И Марта быстро скользнула из-под гостинодворского навеса и на панель, а затем — не успел я оглянуться — очутилась на другой стороне, около часовни.
— До свиданья, Сакердончик! — крикнула она оттуда.
И хотя поднявшаяся снежная метель скрыла ее от меня, но я еще долго стоял на том заветном месте, где она со мной простилась… и вручила рождественского немца. Я испытывал необыкновенный прилив сердечных ощущений. Радость жизни захватывала меня всего, кипела и играла во мне, подобно бушевавшей перед глазами снежной вьюге. Душа моя была переполнена…
— «Злись, ветер, дуй, пока твои не лопнут щеки!!» — громогласно продекламировал я и, полоумный от счастья, бросился вперед, через дорогу, по направлению к звеневшей конке.
VI
На третий день праздника я получил от Марты Нейгоф раздушенное письмо с строгим напоминанием непременно быть на дебютном спектакле; в письмо был вложен билет, вместе с афишей спектакля в виде маленькой книжечки из глассированной розовой бумаги; с золотыми буквами и виньеткой, изображавшей лиру, перевитую лаврами. Последняя страничка была занята программой танцев, долженствующих состояться в заключение спектакля: «вальс, кадриль, полька, котильон» и т. д. Откровенно признаться, я с глубоким скептицизмом оглядел эту нарядную афишу. Танцы, стоявшие, из понятного приличия, на последнем плане, очевидно, были здесь на первом. Искусство же играло, так сказать, роль флага, под прикрытием которого отличным образом отплясывали, интриговали и амурничали. Тем не менее я отдал портному выутюжить залежавшуюся фрачную пару и в назначенный день и час отправился.

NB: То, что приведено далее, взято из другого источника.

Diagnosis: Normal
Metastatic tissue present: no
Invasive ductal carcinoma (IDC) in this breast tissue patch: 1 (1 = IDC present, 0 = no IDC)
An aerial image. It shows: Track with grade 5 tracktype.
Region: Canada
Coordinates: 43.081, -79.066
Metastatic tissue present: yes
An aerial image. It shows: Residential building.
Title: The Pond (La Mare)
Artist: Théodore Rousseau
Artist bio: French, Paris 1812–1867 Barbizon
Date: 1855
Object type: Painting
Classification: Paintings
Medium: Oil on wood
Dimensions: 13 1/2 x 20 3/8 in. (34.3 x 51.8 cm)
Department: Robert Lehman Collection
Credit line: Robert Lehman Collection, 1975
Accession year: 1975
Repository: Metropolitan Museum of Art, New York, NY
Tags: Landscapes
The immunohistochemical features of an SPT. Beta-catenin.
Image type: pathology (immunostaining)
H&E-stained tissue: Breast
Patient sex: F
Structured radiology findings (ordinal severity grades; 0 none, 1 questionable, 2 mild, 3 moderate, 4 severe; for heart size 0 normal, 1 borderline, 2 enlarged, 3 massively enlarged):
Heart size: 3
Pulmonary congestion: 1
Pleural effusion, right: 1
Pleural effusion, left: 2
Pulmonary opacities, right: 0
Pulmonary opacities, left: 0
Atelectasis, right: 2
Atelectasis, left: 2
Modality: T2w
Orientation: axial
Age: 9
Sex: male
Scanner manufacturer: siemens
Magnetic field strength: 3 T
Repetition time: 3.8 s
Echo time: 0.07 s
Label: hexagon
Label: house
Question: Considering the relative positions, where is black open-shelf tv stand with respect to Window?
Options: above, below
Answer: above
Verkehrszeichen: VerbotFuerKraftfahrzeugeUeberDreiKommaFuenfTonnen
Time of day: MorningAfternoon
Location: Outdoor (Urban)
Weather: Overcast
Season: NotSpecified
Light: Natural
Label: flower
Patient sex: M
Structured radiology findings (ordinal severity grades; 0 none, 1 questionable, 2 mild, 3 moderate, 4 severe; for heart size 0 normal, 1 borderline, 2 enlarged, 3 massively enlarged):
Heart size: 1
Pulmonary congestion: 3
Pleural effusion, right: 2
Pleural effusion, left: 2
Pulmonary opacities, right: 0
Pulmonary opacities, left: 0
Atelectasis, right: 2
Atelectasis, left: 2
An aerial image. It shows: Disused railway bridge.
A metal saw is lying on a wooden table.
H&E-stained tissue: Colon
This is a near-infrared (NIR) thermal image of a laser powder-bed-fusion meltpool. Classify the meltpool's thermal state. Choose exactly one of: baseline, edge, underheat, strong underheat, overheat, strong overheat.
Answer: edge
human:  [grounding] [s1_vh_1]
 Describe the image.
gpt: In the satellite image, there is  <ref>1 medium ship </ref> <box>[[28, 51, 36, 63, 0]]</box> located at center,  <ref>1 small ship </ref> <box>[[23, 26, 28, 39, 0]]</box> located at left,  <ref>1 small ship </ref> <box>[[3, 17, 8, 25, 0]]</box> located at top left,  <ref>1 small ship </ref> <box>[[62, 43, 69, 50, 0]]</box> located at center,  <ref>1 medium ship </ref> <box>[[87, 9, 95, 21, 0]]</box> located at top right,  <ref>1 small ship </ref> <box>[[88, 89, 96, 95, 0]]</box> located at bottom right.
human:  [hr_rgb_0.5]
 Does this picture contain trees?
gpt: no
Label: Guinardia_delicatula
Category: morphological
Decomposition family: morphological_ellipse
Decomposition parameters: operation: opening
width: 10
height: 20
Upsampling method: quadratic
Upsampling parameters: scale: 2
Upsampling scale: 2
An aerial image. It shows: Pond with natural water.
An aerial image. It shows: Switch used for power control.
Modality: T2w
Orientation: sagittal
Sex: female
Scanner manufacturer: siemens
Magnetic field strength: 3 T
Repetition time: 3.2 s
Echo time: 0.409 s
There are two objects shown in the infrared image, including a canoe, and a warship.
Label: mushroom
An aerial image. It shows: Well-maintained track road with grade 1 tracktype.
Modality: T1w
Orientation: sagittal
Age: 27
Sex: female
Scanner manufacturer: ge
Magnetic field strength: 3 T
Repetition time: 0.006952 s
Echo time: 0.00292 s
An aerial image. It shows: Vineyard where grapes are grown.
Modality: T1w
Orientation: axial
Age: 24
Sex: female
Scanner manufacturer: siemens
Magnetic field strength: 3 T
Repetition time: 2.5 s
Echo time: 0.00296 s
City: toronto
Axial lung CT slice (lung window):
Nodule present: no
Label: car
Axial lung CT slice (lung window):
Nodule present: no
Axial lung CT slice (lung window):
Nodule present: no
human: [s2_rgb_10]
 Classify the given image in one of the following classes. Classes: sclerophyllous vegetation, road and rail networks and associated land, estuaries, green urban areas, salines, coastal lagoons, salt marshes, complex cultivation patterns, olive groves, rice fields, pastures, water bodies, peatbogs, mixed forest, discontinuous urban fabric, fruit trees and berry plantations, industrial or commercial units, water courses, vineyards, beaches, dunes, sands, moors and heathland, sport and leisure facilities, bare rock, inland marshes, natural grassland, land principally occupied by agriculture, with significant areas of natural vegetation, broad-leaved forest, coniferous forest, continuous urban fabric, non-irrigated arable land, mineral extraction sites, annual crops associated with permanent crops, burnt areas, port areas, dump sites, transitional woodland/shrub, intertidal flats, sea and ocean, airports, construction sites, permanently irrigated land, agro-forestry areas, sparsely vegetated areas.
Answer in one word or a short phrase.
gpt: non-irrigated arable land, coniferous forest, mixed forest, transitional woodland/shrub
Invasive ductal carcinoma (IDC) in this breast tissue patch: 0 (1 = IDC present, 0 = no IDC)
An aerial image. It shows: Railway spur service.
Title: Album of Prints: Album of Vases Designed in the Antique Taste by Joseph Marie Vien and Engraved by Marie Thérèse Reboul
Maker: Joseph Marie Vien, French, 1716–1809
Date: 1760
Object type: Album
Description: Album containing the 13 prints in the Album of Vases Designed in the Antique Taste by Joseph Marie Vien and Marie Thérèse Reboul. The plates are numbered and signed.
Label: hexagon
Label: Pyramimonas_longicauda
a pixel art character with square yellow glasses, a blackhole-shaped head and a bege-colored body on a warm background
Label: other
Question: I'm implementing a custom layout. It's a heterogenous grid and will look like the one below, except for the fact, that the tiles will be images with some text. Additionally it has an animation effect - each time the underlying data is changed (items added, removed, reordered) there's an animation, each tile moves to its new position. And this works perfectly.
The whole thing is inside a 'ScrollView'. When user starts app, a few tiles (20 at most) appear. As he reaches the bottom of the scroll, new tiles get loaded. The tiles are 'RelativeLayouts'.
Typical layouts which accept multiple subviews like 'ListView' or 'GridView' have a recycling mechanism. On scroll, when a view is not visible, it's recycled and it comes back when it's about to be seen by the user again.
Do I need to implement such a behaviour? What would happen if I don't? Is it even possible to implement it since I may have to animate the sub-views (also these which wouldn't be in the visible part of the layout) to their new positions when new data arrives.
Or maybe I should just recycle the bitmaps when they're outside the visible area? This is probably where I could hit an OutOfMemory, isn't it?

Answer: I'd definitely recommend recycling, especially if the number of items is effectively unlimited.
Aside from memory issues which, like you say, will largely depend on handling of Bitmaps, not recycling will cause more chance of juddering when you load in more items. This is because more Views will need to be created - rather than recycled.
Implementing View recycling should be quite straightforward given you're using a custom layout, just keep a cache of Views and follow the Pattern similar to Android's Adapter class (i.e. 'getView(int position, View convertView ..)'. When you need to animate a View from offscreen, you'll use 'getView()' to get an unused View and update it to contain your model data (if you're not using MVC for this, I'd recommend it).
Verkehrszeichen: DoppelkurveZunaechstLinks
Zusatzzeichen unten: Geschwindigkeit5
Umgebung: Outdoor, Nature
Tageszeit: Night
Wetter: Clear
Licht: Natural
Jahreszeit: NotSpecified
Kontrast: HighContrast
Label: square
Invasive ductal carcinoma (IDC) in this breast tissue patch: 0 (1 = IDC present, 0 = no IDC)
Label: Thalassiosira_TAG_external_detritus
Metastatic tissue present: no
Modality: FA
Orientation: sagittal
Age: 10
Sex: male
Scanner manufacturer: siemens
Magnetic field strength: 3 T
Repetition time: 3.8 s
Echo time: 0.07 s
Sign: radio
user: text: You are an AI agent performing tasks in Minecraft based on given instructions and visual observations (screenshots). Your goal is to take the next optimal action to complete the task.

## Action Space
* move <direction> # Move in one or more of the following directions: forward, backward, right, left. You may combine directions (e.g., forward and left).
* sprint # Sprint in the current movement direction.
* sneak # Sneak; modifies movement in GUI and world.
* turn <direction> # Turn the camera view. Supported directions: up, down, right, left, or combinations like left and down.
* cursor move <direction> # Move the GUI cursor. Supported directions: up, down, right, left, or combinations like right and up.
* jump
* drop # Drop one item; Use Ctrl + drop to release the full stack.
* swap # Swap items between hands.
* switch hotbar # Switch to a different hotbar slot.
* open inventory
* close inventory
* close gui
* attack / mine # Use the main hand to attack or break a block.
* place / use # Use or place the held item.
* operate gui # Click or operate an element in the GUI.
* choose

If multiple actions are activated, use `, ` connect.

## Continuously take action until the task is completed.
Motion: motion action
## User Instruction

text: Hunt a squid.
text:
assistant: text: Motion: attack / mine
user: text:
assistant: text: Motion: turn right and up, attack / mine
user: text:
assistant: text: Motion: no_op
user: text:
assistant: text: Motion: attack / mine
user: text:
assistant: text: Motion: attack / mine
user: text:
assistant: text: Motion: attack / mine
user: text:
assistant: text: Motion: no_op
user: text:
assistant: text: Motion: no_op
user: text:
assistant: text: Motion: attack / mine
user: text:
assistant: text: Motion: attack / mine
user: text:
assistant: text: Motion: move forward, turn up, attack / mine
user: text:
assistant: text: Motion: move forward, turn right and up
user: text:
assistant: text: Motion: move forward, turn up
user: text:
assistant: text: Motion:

Наружный вид залы как нельзя более оправдал мое артистическое предчувствие. Это было впечатление какого-то неотразимого и беспечального сверканья… Сверкало все: сверкала голубая зала, освещенная электричеством, сверкал театральный занавес, изображавший пляску каких-то пузатых амуров, сверкали плечи декольтированных барынь, эполеты военных и фрачные груди статских. В воздухе чувствовалась какая-то острая смесь — модных духов, двусмысленных каламбуров и светского тщеславия. Ничего хоть сколько-нибудь похожего на серьезный драматический кружок!
В начале девятого часа начался спектакль, открывшийся двумя актами из «Горе от ума», и это начало окончательно укрепило меня в моем враждебном чувстве к фешенебельному кружку «Свободных любителей».
Чацкого играл член кружка — какой-то г. Перион. Бог мой, что это был за несуразный Чацкий! Много мне случалось на моем любительском веку лицезреть всяких бессмысленностей, но, признаюсь, такой, пародии я не ожидал…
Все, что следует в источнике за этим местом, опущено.